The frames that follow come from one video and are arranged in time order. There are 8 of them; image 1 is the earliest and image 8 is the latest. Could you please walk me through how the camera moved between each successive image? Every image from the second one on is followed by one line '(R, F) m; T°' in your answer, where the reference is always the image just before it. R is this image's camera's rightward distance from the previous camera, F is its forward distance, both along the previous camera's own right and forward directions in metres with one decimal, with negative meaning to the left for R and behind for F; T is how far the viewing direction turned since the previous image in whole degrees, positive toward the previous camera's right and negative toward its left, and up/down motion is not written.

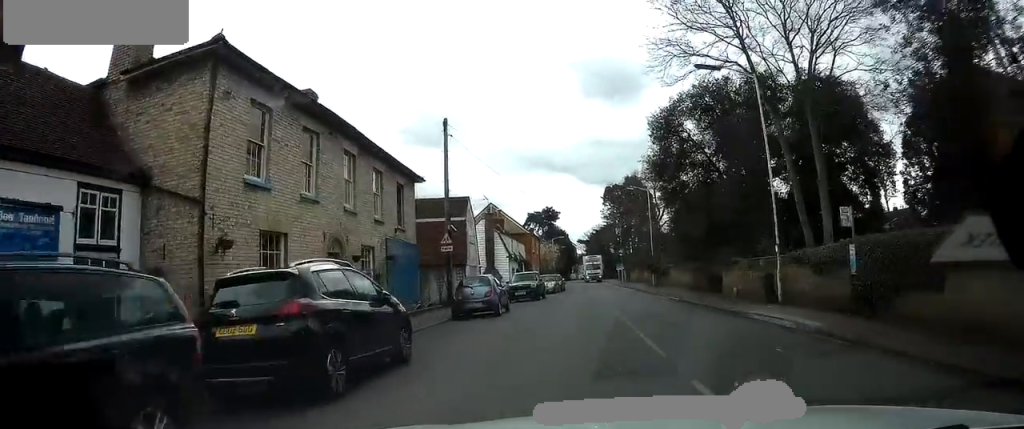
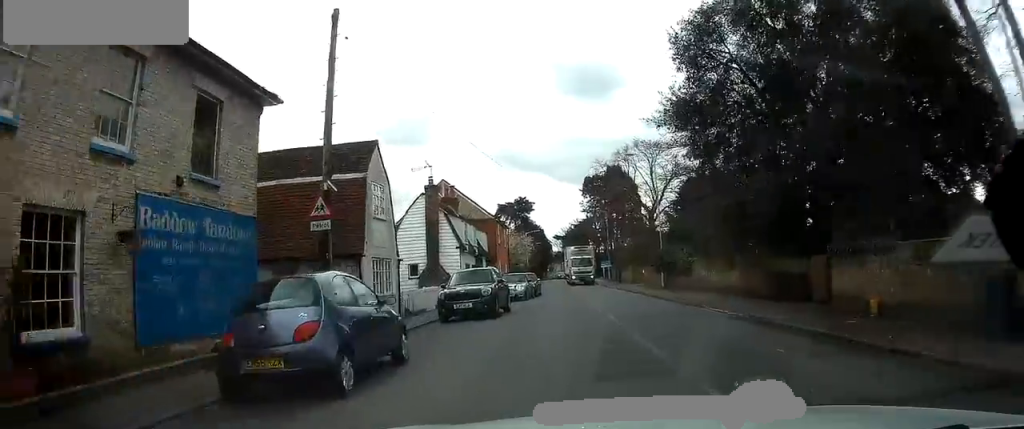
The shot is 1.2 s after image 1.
(+0.1, +12.9) m; +2°
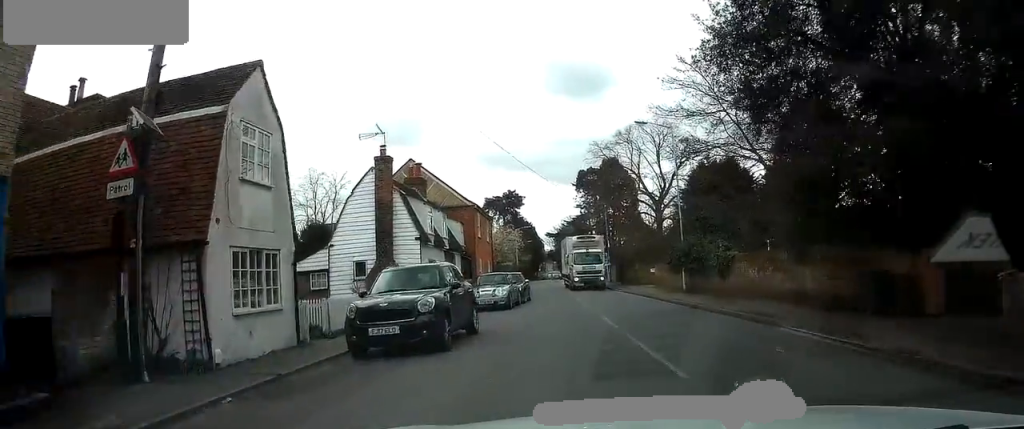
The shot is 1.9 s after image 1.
(+0.2, +7.4) m; +2°
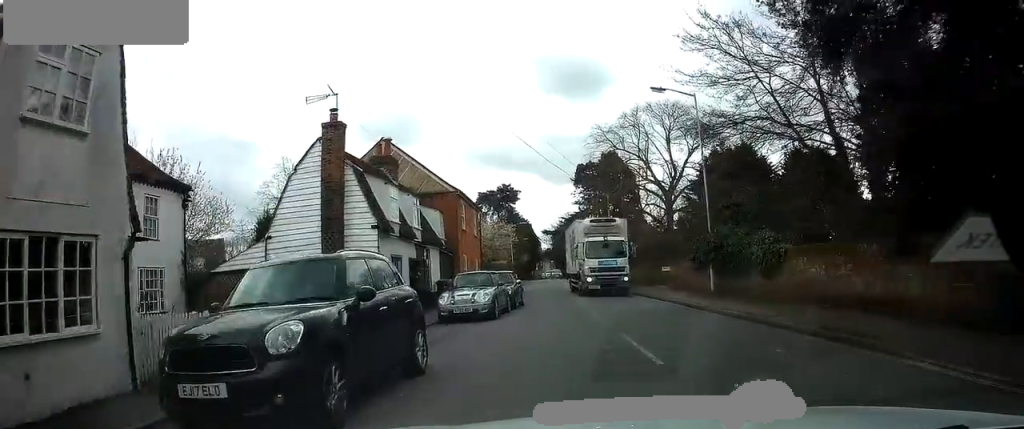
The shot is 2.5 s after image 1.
(+0.1, +5.2) m; +2°
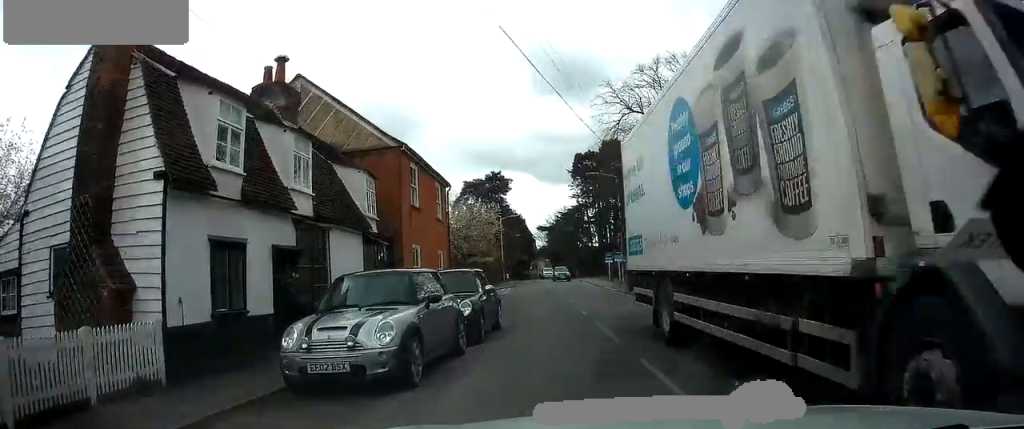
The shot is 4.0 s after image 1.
(+0.3, +10.1) m; +2°
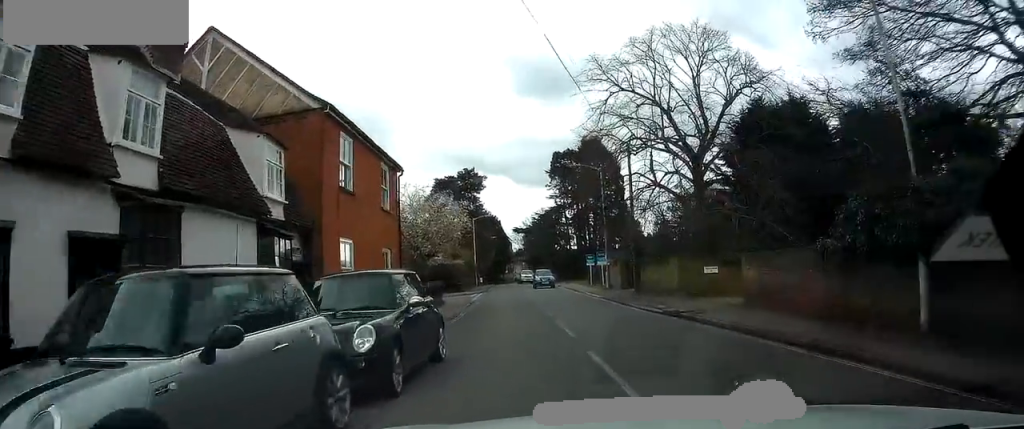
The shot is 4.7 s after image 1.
(0.0, +4.6) m; 0°
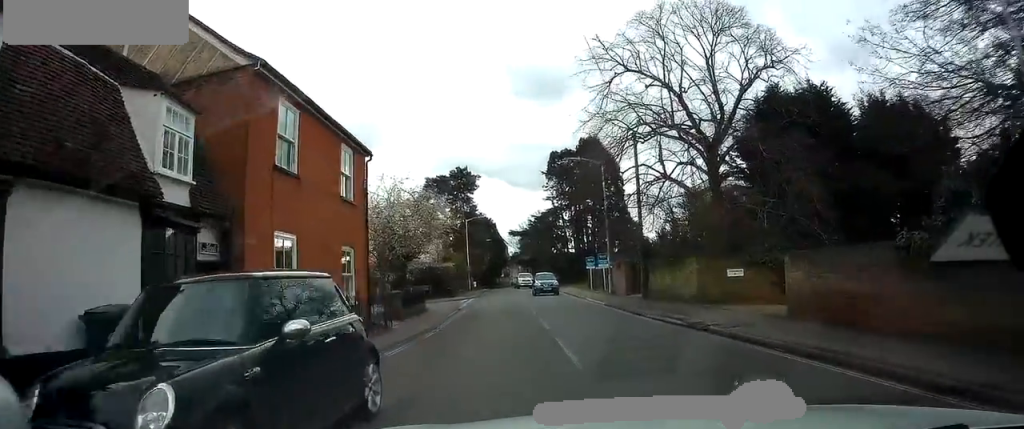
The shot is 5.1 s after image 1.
(+0.1, +3.2) m; -1°
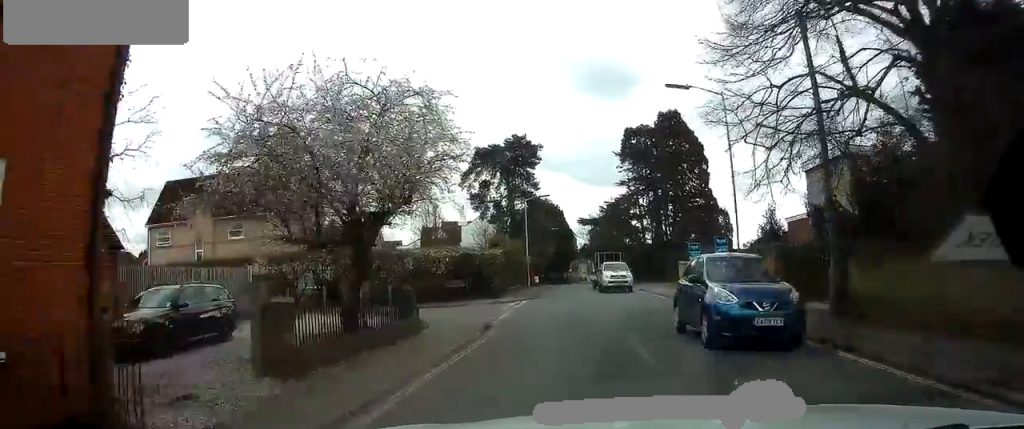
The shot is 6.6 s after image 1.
(-0.5, +11.5) m; -6°
□ □ □ □ □ □ □
* PROBLEM TO WORK ON:
The copy should begin at the line containing "The shot is 5.1 s after image 1." and end at the last line of the data above; please restate those lines word for word without the pictures.

* RESPONSE BOX:
The shot is 5.1 s after image 1.
(+0.1, +3.2) m; -1°
The shot is 6.6 s after image 1.
(-0.5, +11.5) m; -6°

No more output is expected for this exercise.